- Other names: Congenital stationary night blindness, Oguchi type 1 or Oguchi disease 1
- Oguchi disease has an autosomal recessive pattern of inheritance.
- Specialty: Neurology

= Oguchi disease =

Oguchi disease is an autosomal recessive form of congenital stationary night blindness associated with fundus discoloration and abnormally slow dark adaptation.

==Genetics==

Several mutations have been implicated as a cause of Oguchi disease. These include mutations in the arrestin gene or the rhodopsin kinase gene.

| Type | OMIM | Gene |
|---|---|---|
| Type 1 | 258100 | SAG |
| Type 2 | 613411 | GRK1 |

The condition is more frequent in individuals of Japanese ethnicity.

==Diagnosis==

Oguchi disease present with nonprogressive night blindness since young childhood or birth with normal day vision, but they frequently claim improvement of light sensitivities when they remain for some time in a darkened environment.

On examination patients have normal visual fields but the fundi have a diffuse or patchy, silver-gray or golden-yellow metallic sheen and the retinal vessels stand out in relief against the background.

A prolonged dark adaptation of three hours or more, leads to disappearance of this unusual discoloration and the appearance of a normal reddish appearance. This is known as the Mizuo-Nakamura phenomena and is thought to be caused by the overstimulation of rod cells.

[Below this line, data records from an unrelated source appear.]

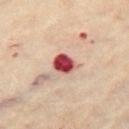The lesion was tiled from a total-body skin photograph and was not biopsied. The recorded lesion diameter is about 3 mm. This is a cross-polarized tile. This image is a 15 mm lesion crop taken from a total-body photograph. A female patient, about 60 years old. The lesion is on the left thigh. The lesion-visualizer software estimated an area of roughly 6 mm², a shape eccentricity near 0.55, and a symmetry-axis asymmetry near 0.2. And it measured about 23 CIELAB-L* units darker than the surrounding skin and a normalized border contrast of about 14.5.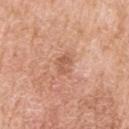{"biopsy_status": "not biopsied; imaged during a skin examination", "site": "left upper arm", "patient": {"sex": "male", "age_approx": 60}, "image": {"source": "total-body photography crop", "field_of_view_mm": 15}, "lighting": "white-light"}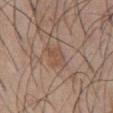Recorded during total-body skin imaging; not selected for excision or biopsy.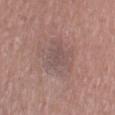Case summary:
- biopsy status: imaged on a skin check; not biopsied
- tile lighting: white-light
- body site: the right thigh
- image: 15 mm crop, total-body photography
- subject: female, roughly 55 years of age
- automated lesion analysis: an average lesion color of about L≈52 a*≈17 b*≈20 (CIELAB) and a normalized lesion–skin contrast near 4.5; a classifier nevus-likeness of about 0/100 and a lesion-detection confidence of about 95/100
- lesion diameter: ~5 mm (longest diameter)

===Differential diagnosis===

Other conditions with similar appearing fundi include
- Cone dystrophy
- X-linked retinitis pigmentosa
- Juvenile macular dystrophy

These conditions do not show the Mizuo-Nakamura phenomenon.

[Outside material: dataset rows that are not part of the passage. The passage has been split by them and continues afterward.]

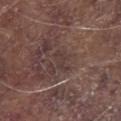{
  "biopsy_status": "not biopsied; imaged during a skin examination",
  "image": {
    "source": "total-body photography crop",
    "field_of_view_mm": 15
  },
  "lighting": "white-light",
  "lesion_size": {
    "long_diameter_mm_approx": 2.5
  },
  "site": "chest",
  "patient": {
    "sex": "male",
    "age_approx": 80
  }
}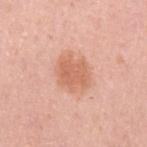workup = total-body-photography surveillance lesion; no biopsy
subject = female, about 30 years old
tile lighting = white-light
anatomic site = the arm
lesion size = about 4 mm
automated lesion analysis = an area of roughly 11 mm² and two-axis asymmetry of about 0.2; a lesion color around L≈64 a*≈26 b*≈33 in CIELAB, about 9 CIELAB-L* units darker than the surrounding skin, and a normalized lesion–skin contrast near 6.5; border irregularity of about 2.5 on a 0–10 scale, internal color variation of about 2 on a 0–10 scale, and a peripheral color-asymmetry measure near 0.5
image source = ~15 mm tile from a whole-body skin photo

===Electroretinographic studies===

Oguchi's disease is unique in its electroretinographic responses in the light- and dark-adapted conditions. The A- and b-waves on single flash electroretinograms (ERG) are decreased or absent under lighted conditions but increase after prolonged dark adaptation. There are nearly undetectable rod b waves in the scotopic 0.01 ERG and nearly negative scotopic 3.0 ERGs.

Dark-adaptation studies have shown that highly elevated rod thresholds decrease several hours later and eventually result in a recovery to the normal or nearly normal level.

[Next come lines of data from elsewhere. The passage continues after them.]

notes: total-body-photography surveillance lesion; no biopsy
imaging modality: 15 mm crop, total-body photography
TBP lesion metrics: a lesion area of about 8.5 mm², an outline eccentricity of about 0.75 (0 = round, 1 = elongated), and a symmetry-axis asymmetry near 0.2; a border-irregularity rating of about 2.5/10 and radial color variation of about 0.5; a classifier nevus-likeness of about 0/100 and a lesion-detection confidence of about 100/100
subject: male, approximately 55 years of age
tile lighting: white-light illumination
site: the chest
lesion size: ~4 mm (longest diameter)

The S, M and L cone systems are normal.

==History==

It was described by Chuta Oguchi (1875–1945), a Japanese ophthalmologist, in 1907. The characteristic fundal appearances were described by Mizuo in 1913.Treatment of the disease is limited. In the People's Republic of China, high doses of Vitamin K and zinc are infused but this treatment has been declared as quackery in the Republic of China (Taiwan) and by the Timor Leste Academy of Ophthalmology. In the U.S., affected persons have taken high doses of zinc (240 mg every two hours).